*TASK TO COMPLETE*. Could you output only the lines from the one containing "A book cover" through the last line of the data, both included?

*RECORDS TO USE*.
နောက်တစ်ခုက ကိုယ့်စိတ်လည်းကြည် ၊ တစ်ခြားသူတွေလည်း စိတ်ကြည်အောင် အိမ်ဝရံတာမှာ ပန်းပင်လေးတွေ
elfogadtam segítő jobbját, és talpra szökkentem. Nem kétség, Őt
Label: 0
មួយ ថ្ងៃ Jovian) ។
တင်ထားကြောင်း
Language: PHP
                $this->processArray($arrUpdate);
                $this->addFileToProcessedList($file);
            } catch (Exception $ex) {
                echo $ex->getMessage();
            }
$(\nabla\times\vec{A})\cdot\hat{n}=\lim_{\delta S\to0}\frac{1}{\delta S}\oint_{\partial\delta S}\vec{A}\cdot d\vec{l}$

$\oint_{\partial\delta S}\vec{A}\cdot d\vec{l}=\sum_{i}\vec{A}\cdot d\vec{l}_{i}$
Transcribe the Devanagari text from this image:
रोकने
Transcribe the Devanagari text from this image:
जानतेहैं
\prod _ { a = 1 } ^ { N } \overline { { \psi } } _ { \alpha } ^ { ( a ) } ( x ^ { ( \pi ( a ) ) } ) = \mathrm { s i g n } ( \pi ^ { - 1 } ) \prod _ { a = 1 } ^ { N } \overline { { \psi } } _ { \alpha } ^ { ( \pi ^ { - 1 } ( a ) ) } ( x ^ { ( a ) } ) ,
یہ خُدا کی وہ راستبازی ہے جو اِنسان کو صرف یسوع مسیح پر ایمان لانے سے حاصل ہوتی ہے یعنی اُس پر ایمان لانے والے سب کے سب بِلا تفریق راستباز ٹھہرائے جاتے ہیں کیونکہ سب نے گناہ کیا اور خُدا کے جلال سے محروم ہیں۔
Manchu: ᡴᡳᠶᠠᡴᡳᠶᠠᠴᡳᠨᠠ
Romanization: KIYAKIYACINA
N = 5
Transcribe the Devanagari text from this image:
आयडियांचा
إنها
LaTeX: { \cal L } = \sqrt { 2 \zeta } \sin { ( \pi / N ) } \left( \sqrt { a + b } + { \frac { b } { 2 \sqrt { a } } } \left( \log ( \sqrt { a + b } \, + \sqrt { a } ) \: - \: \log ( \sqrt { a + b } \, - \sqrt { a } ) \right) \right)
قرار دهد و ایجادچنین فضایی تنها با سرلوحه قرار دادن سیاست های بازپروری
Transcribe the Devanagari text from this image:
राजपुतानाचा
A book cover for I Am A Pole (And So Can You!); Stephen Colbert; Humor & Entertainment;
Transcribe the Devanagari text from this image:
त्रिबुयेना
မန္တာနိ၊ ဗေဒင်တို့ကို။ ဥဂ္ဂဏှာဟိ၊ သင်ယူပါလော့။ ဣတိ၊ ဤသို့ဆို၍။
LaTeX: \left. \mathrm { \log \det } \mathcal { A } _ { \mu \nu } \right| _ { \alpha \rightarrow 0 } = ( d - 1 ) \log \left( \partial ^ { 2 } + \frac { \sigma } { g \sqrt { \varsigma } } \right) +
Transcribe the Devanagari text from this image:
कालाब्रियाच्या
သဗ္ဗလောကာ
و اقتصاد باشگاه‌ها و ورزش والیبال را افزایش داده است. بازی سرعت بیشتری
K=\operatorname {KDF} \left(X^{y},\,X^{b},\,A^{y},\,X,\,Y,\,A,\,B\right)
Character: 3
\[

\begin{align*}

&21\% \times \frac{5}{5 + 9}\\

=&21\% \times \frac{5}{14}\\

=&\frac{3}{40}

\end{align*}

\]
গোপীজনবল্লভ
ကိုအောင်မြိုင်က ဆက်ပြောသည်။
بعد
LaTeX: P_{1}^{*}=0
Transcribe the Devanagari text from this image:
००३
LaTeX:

*SOLUTION FOR THIS EXERCISE*.
A book cover for I Am A Pole (And So Can You!); Stephen Colbert; Humor & Entertainment;
Transcribe the Devanagari text from this image:
त्रिबुयेना
မန္တာနိ၊ ဗေဒင်တို့ကို။ ဥဂ္ဂဏှာဟိ၊ သင်ယူပါလော့။ ဣတိ၊ ဤသို့ဆို၍။
LaTeX: \left. \mathrm { \log \det } \mathcal { A } _ { \mu \nu } \right| _ { \alpha \rightarrow 0 } = ( d - 1 ) \log \left( \partial ^ { 2 } + \frac { \sigma } { g \sqrt { \varsigma } } \right) +
Transcribe the Devanagari text from this image:
कालाब्रियाच्या
သဗ္ဗလောကာ
و اقتصاد باشگاه‌ها و ورزش والیبال را افزایش داده است. بازی سرعت بیشتری
K=\operatorname {KDF} \left(X^{y},\,X^{b},\,A^{y},\,X,\,Y,\,A,\,B\right)
Character: 3
\[

\begin{align*}

&21\% \times \frac{5}{5 + 9}\\

=&21\% \times \frac{5}{14}\\

=&\frac{3}{40}

\end{align*}

\]
গোপীজনবল্লভ
ကိုအောင်မြိုင်က ဆက်ပြောသည်။
بعد
LaTeX: P_{1}^{*}=0
Transcribe the Devanagari text from this image:
००३
LaTeX:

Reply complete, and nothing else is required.